Perché è vero che in Turchia gli omosessuali non finiscono in prigione, ma è altrettanto vero che vengono brutalmente perseguitati. Per questo Halil è andato a vivere a Istambul: almeno nella capitale può andare in giro per strada senza essere sicuro che qualcuno lo aggredirà appena svoltato l’angolo di casa. Per i gay e le lesbiche turche, l’ex arbitro è una specie di Harvey Milk locale. La federazione di calcio, per licenziarlo, ha fatto appello al fatto che era stato dichiarato non idoneo al servizio militare (anche in quel caso perché omosessuale) e questa era ragione sufficiente a impedirgli di fare l’arbitro. Peccato che halil facesse quel lavoro già da 13 anni e che i campi di calcio non sono certo teatro di guerre e battaglie tra eserciti nemici. A fare da eco alla federazione, il maggiore cronista sportivo della Turchia ha dichiarato che Halili non può riavere il suo posto, perché "assegnerebbe i rigori solo ai giocatori più carini".

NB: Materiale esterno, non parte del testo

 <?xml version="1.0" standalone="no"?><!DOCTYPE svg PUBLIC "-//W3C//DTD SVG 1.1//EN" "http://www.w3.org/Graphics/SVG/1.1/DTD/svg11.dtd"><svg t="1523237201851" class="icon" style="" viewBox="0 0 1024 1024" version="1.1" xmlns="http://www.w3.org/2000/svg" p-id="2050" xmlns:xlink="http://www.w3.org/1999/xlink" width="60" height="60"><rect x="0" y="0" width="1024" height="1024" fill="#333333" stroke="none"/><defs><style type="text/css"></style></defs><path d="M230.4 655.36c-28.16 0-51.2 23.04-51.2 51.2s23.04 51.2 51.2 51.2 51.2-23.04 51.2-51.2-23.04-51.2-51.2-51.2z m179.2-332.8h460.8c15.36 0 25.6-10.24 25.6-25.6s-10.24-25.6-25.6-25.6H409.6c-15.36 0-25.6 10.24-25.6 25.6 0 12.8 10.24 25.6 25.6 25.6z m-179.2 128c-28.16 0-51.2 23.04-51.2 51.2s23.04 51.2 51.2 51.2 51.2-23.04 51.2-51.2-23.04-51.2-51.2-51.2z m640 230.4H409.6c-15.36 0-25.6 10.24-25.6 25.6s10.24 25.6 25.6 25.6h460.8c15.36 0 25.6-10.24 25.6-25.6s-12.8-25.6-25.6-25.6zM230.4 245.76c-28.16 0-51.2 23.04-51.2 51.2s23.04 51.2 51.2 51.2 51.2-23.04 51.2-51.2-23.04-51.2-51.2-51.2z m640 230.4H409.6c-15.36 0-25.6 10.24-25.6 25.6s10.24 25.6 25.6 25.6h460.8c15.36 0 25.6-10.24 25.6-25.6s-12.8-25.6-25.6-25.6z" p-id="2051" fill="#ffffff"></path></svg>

Halil non aveva mai parlato pubblicamente della sua omosessualità, ma non aveva neanche fatto i salti mortali per nasconderla: "Pensavano che mi sarei nascosto invece ho fatto il contrario e sono diventato una bandiera per il movimento dei diritti gay". Per fortuna, a sostenere il giovane arbitro, ci sono non solo la comunità lgbt, la stampa che ne racconta la storia, l’opinine pubblica filoeuropeista e, cosa più importante, la sua famiglia che non lo ha ripudiato, anzi lo sostiene. "Anche mio fratello imam mi ha aiutato – ha raccontato ai giornali Halil -. Rivoglio il mio lavoro. Sono pronto ad andare alla corte Europea".